Exercise data
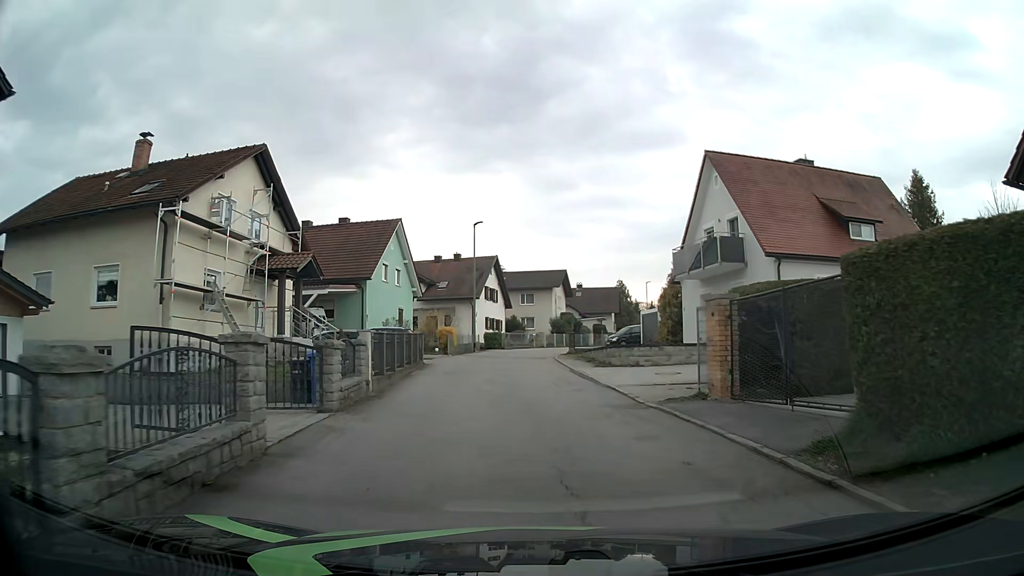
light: Day
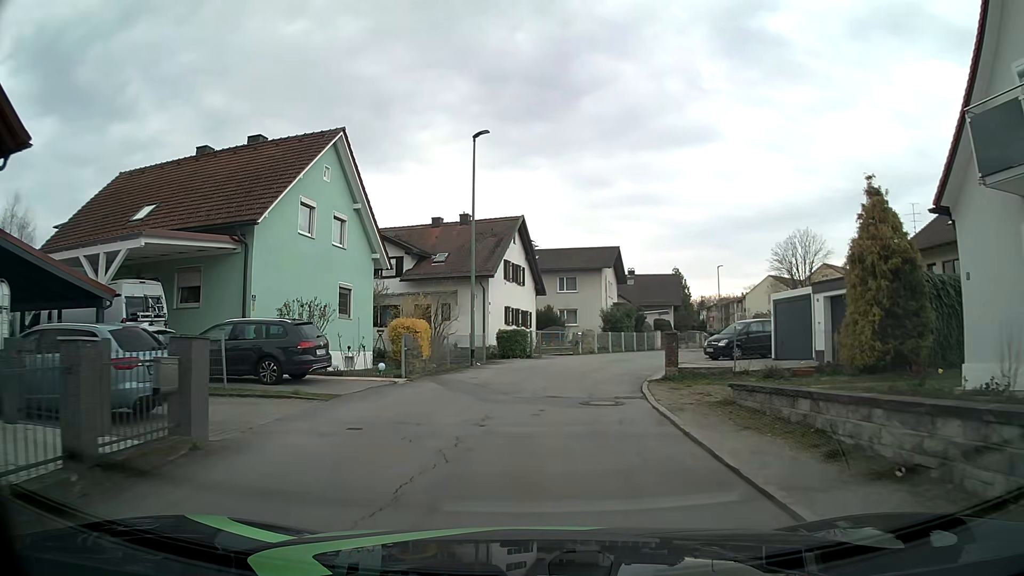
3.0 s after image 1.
(+0.1, +20.0) m; -2°
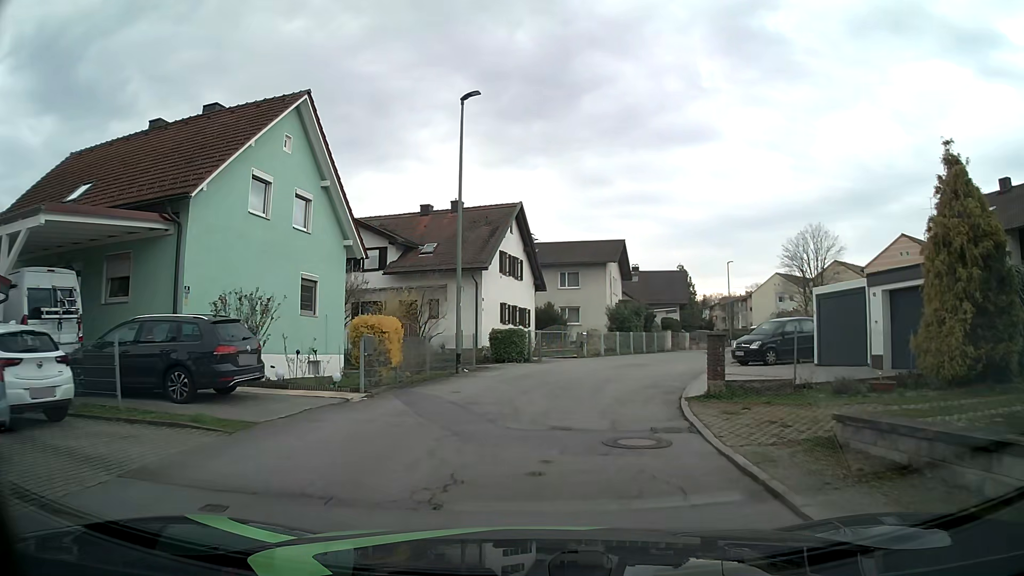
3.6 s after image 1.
(0.0, +4.1) m; 0°
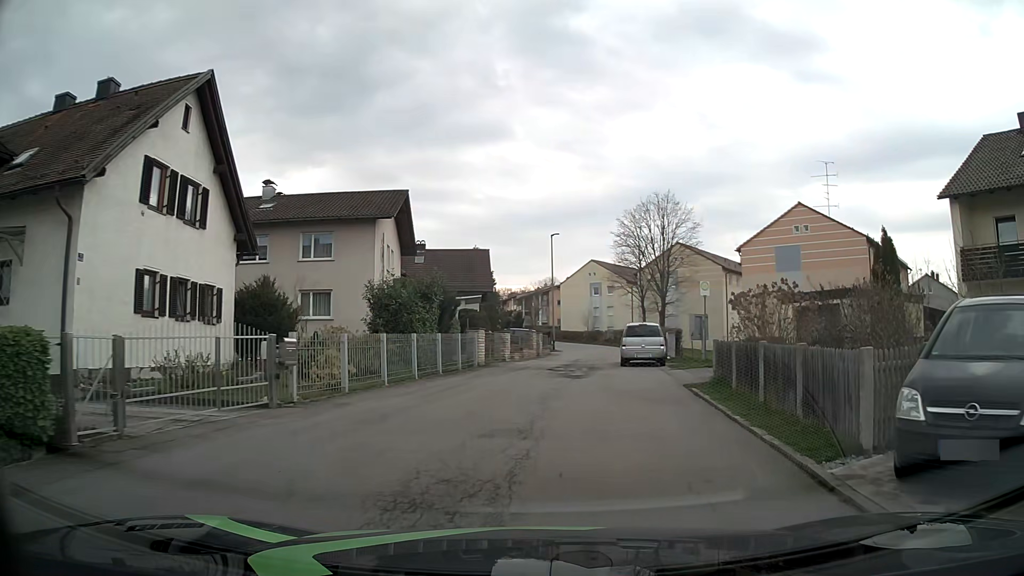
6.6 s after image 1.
(+2.0, +19.2) m; +17°
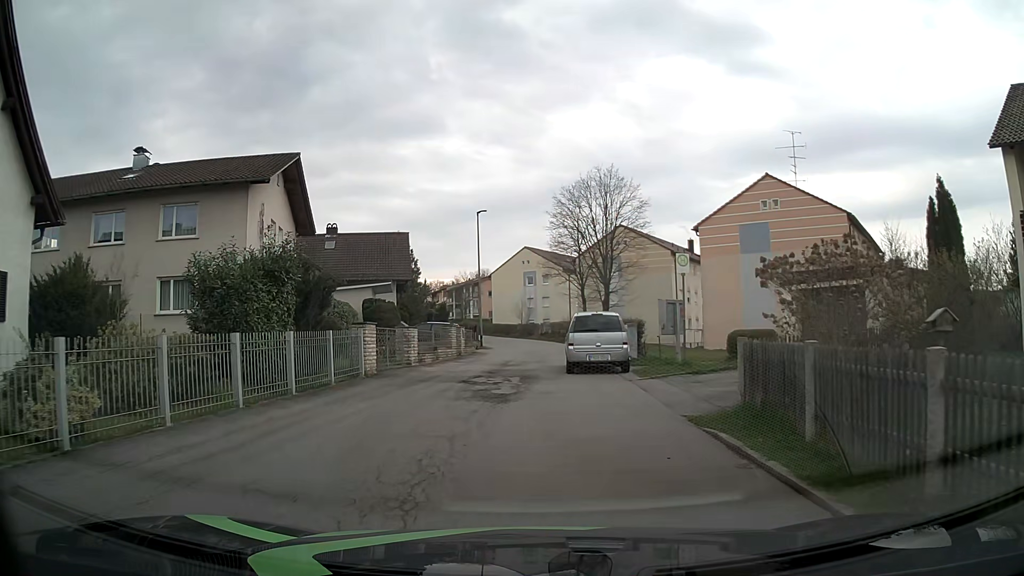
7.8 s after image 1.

Work item
Type the records out again in full, exactly, with each picture omitted.

Answer to this task
light: Day
3.0 s after image 1.
(+0.1, +20.0) m; -2°
3.6 s after image 1.
(0.0, +4.1) m; 0°
6.6 s after image 1.
(+2.0, +19.2) m; +17°
7.8 s after image 1.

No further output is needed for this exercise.